Accordingly, the Appellate Body ruled that the EU's "Anti-dumping Basic Regulations" concerning the "separate tax rate treatment" for "non-market economy" exporters itself is not in conformity with the relevant provisions of the "Anti-Dumping Agreement," and its application to the fastener case itself Does not comply with the provisions of the Anti-Dumping Agreement.

At this point, the decision of the Appellate Body showed that the EU's "Basic Anti-dumping Regulations" not only violated the WTO's Anti-Dumping Agreement, but also did not have the legal basis for China to participate in the WTO Protocol.

The Enlightenment of the Determination of Fastener Case The determination of the fastener case is a major victory for China in the settlement of the WTO dispute.

First of all, the multilateral mechanism of the WTO has solved the problem of "separate tax rates" that we have not resolved in bilateral relations for decades. The Appellate Body ruled that the EU's "Anti-dumping Basic Regulations" violates the WTO's "Anti-Dumping Agreement," and the EU must revise its own laws.
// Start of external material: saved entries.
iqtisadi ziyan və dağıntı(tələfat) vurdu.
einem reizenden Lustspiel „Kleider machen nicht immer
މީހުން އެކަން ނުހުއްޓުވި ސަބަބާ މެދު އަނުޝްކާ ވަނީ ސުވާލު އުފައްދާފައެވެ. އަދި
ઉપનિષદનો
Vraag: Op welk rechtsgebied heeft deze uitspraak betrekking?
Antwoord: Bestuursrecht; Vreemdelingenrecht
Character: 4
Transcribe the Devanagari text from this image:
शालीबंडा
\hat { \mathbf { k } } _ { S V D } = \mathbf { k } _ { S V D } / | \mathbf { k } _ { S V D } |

This helps eliminate discriminatory laws and practices for Chinese exporters in Europe and the United States and is conducive to the anti-dumping and responding actions of Chinese exporters. Safeguard China's legitimate trade interests.

Secondly, the Appellate Body’s ruling clarified its understanding of the “China’s Accession to the WTO Protocol.” Europe and the United States have erroneously understood that Article 15 of the Protocol is a stipulation of China’s “non-market economy,” and accordingly discriminates against Chinese exporters and export products. . The Appellate Body unequivocally ruled that Article 15 of the Protocol only deals with the calculation of the “normal value” of Chinese export products in certain circumstances. This article is not an “unrestricted exception” that can treat China differently. It is of great significance for the Appellate Body’s positive hearing to understand and correctly understand the Protocol and strictly implement it. In addition, this is beneficial to the review of those fastener exporters that have been implemented with a single tax rate, using the WTO agreement and the Appellate Body ruling as a weapon, and trying to restore the export of fasteners through reexamination.
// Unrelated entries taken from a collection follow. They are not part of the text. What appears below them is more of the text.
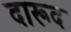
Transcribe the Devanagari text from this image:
दारूद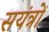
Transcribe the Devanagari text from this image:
सयंत्रों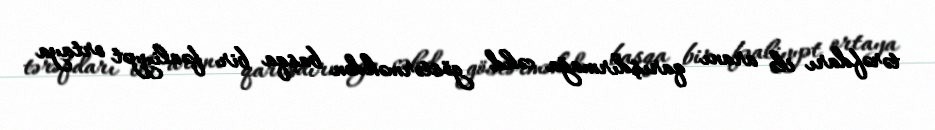
tərəfdarı ilə aranı qarışdırmağa cəhd göstərməkdən başqa bir fəaliyyət ortaya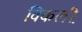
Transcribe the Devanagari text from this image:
विकली़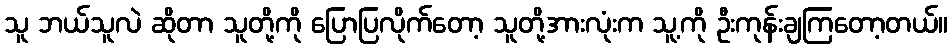
သူ ဘယ်သူလဲ ဆိုတာ သူတို့ကို ပြောပြလိုက်တော့ သူတို့အားလုံးက သူ့ကို ဦးကုန်းချကြတော့တယ်။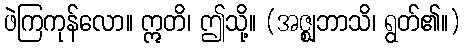
ဖဲကြကုန်လော။ ဣတိ၊ ဤသို့။ (အဇ္ဈဘာသိ၊ ရွတ်၏။)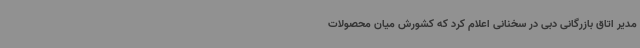
مدیر اتاق بازرگانی دبی در سخنانی اعلام کرد که کشورش میان محصولات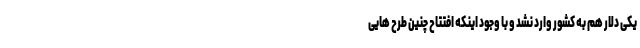
یکی دلار هم به کشور وارد نشد و با وجود اینکه افتتاح چنین طرح هایی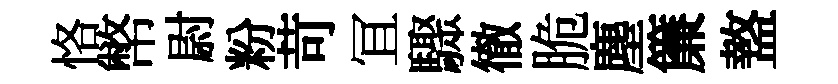
恪幣尉粉苛冝驟徹脆塵簾盩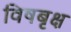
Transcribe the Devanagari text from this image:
विषबृक्ष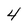
Character: 4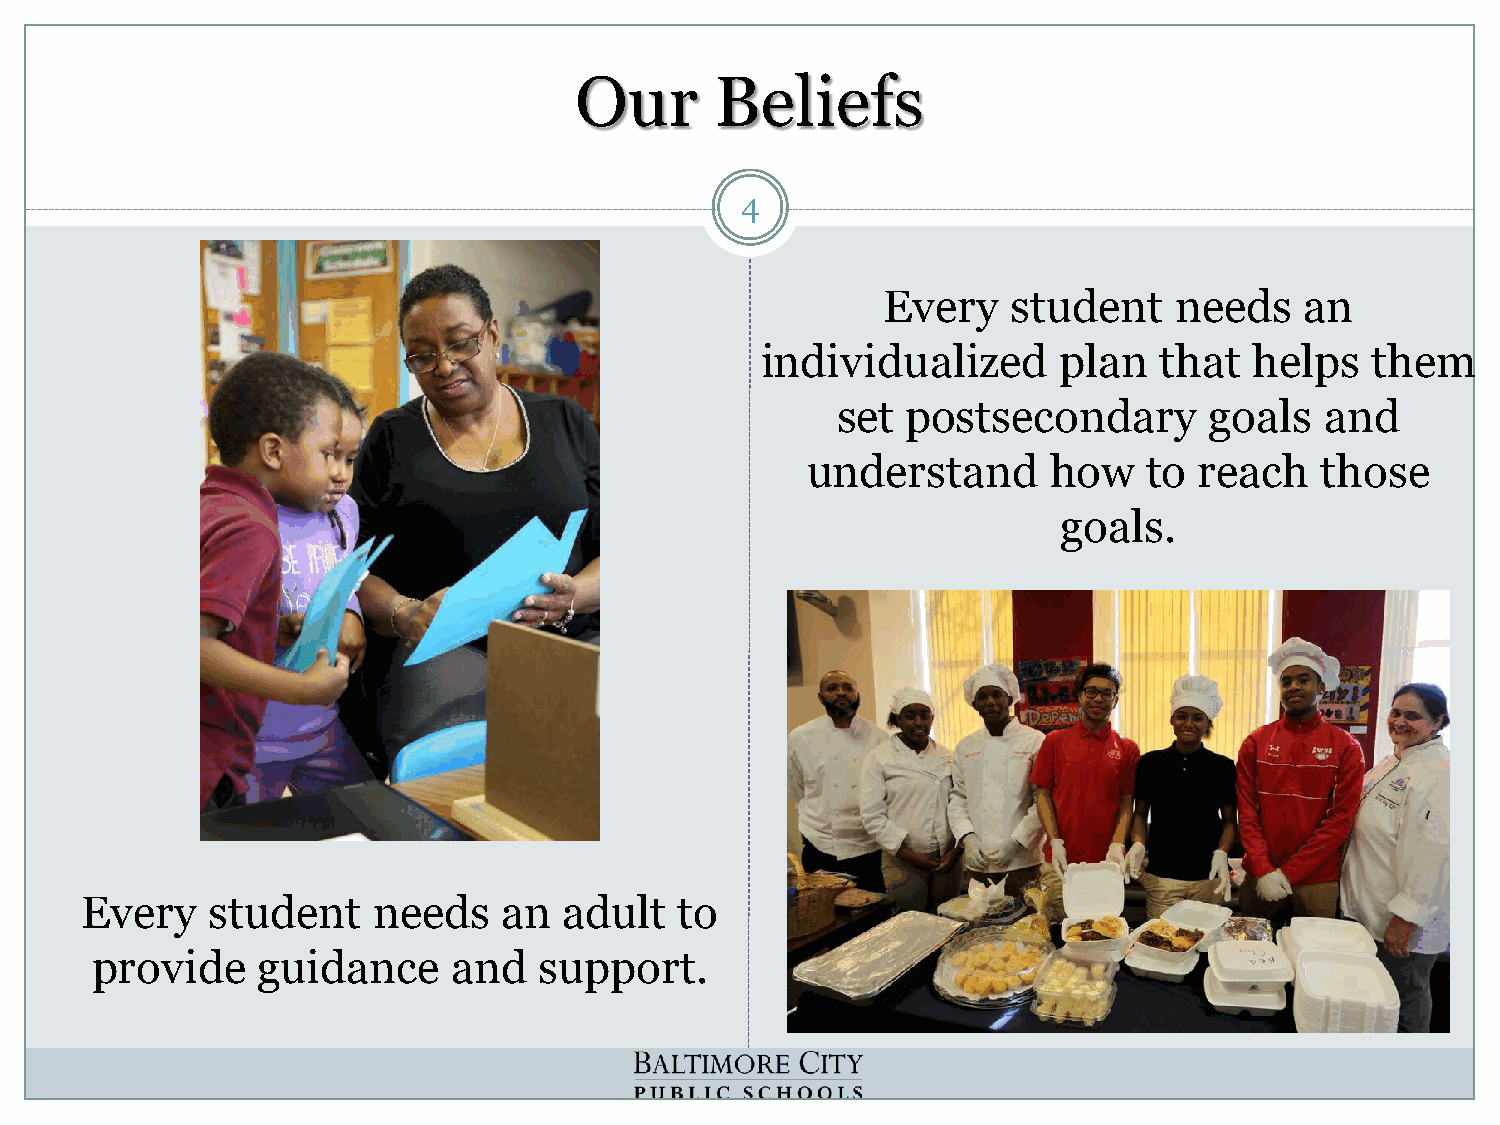
Our      Beliefs
 4
 Every    student    needs   an
 individualized      plan   that  helps   them
 set  postsecondary       goals   and
 understand       how   to reach   those
 goals.
 Every    student    needs   an  adult   to
 provide    guidance     and   support.

Finally, it is a common problem that Western countries impose a single anti-dumping tax rate on China's export enterprises. We should take this opportunity to do a good job of research and actively negotiate, and strive to comprehensively solve the problem of unfair and unfair single tax rates.
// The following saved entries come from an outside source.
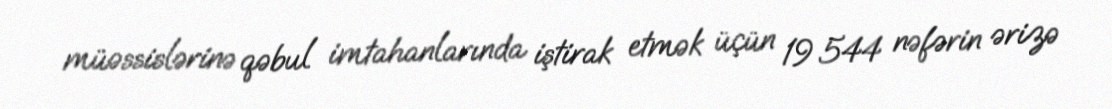
müəssislərinə qəbul imtahanlarında iştirak etmək üçün 19 544 nəfərin ərizə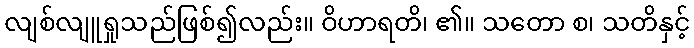
လျစ်လျူရှုသည်ဖြစ်၍လည်း။ ဝိဟာရတိ၊ ၏။ သတော စ၊ သတိနှင့်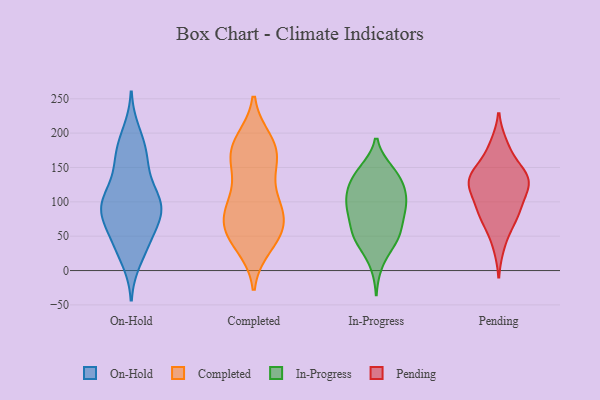
{"axis": {"x": "Website Visitors", "y": "Value"}, "legend": ["Completed", "In-Progress", "On-Hold", "Pending"], "data": [{"x": "", "y": 167, "type": "On-Hold"}, {"x": "", "y": 146, "type": "On-Hold"}, {"x": "", "y": 36, "type": "On-Hold"}, {"x": "", "y": 174, "type": "On-Hold"}, {"x": "", "y": 91, "type": "On-Hold"}, {"x": "", "y": 92, "type": "On-Hold"}, {"x": "", "y": 95, "type": "On-Hold"}, {"x": "", "y": 101, "type": "On-Hold"}, {"x": "", "y": 94, "type": "On-Hold"}, {"x": "", "y": 17, "type": "On-Hold"}, {"x": "", "y": 40, "type": "On-Hold"}, {"x": "", "y": 143, "type": "On-Hold"}, {"x": "", "y": 80, "type": "On-Hold"}, {"x": "", "y": 76, "type": "On-Hold"}, {"x": "", "y": 67, "type": "On-Hold"}, {"x": "", "y": 200, "type": "On-Hold"}, {"x": "", "y": 38, "type": "On-Hold"}, {"x": "", "y": 182, "type": "On-Hold"}, {"x": "", "y": 101, "type": "On-Hold"}, {"x": "", "y": 108, "type": "On-Hold"}, {"x": "", "y": 147, "type": "Completed"}, {"x": "", "y": 46, "type": "Completed"}, {"x": "", "y": 184, "type": "Completed"}, {"x": "", "y": 65, "type": "Completed"}, {"x": "", "y": 153, "type": "Completed"}, {"x": "", "y": 60, "type": "Completed"}, {"x": "", "y": 178, "type": "Completed"}, {"x": "", "y": 115, "type": "Completed"}, {"x": "", "y": 189, "type": "Completed"}, {"x": "", "y": 86, "type": "Completed"}, {"x": "", "y": 92, "type": "Completed"}, {"x": "", "y": 170, "type": "Completed"}, {"x": "", "y": 47, "type": "Completed"}, {"x": "", "y": 174, "type": "Completed"}, {"x": "", "y": 63, "type": "Completed"}, {"x": "", "y": 88, "type": "Completed"}, {"x": "", "y": 36, "type": "Completed"}, {"x": "", "y": 93, "type": "Completed"}, {"x": "", "y": 92, "type": "In-Progress"}, {"x": "", "y": 42, "type": "In-Progress"}, {"x": "", "y": 95, "type": "In-Progress"}, {"x": "", "y": 92, "type": "In-Progress"}, {"x": "", "y": 143, "type": "In-Progress"}, {"x": "", "y": 112, "type": "In-Progress"}, {"x": "", "y": 146, "type": "In-Progress"}, {"x": "", "y": 82, "type": "In-Progress"}, {"x": "", "y": 49, "type": "In-Progress"}, {"x": "", "y": 146, "type": "In-Progress"}, {"x": "", "y": 69, "type": "In-Progress"}, {"x": "", "y": 109, "type": "In-Progress"}, {"x": "", "y": 10, "type": "In-Progress"}, {"x": "", "y": 46, "type": "In-Progress"}, {"x": "", "y": 120, "type": "In-Progress"}, {"x": "", "y": 48, "type": "In-Progress"}, {"x": "", "y": 89, "type": "In-Progress"}, {"x": "", "y": 124, "type": "In-Progress"}, {"x": "", "y": 54, "type": "In-Progress"}, {"x": "", "y": 130, "type": "In-Progress"}, {"x": "", "y": 36, "type": "Pending"}, {"x": "", "y": 90, "type": "Pending"}, {"x": "", "y": 133, "type": "Pending"}, {"x": "", "y": 176, "type": "Pending"}, {"x": "", "y": 142, "type": "Pending"}, {"x": "", "y": 133, "type": "Pending"}, {"x": "", "y": 83, "type": "Pending"}, {"x": "", "y": 138, "type": "Pending"}, {"x": "", "y": 135, "type": "Pending"}, {"x": "", "y": 101, "type": "Pending"}, {"x": "", "y": 116, "type": "Pending"}, {"x": "", "y": 71, "type": "Pending"}, {"x": "", "y": 183, "type": "Pending"}, {"x": "", "y": 115, "type": "Pending"}, {"x": "", "y": 72, "type": "Pending"}, {"x": "", "y": 137, "type": "Pending"}]}

However, while we welcome the WTO ruling, we must not take it lightly. Western countries are still at risk of imposing a single tax rate on Chinese companies. In particular, the Appellate Body mentioned in its ruling that if there are multiple exporters that have corporate and structural relationships, such as joint control, mutual shareholding and management, if there is a corporate and structural relationship between the government and the enterprise, such as the existence of joint control, Government shares or government participation in management; if the government controls, directs, or exerts substantive influence on the price and output of the company, importing countries can still treat these companies or groups of companies as single exporters and impose a single anti-dumping tax on them. At the same time, the EU will not stop there, they will certainly make full use of this expression of the Appellate Body, and the challenge will not end here. Therefore, we need to pay close attention to how the EU modifies its inconsistent laws.

Another point we should realize is that the rules of the WTO are based on a market economy. In terms of economic and trade, any policy and practice that violates market economic rules may violate the rules of the WTO. Therefore, we must adhere to reform and opening up, insist on acting in accordance with the laws of market economy, and not leave a handle for the other party to implement a single tax rate.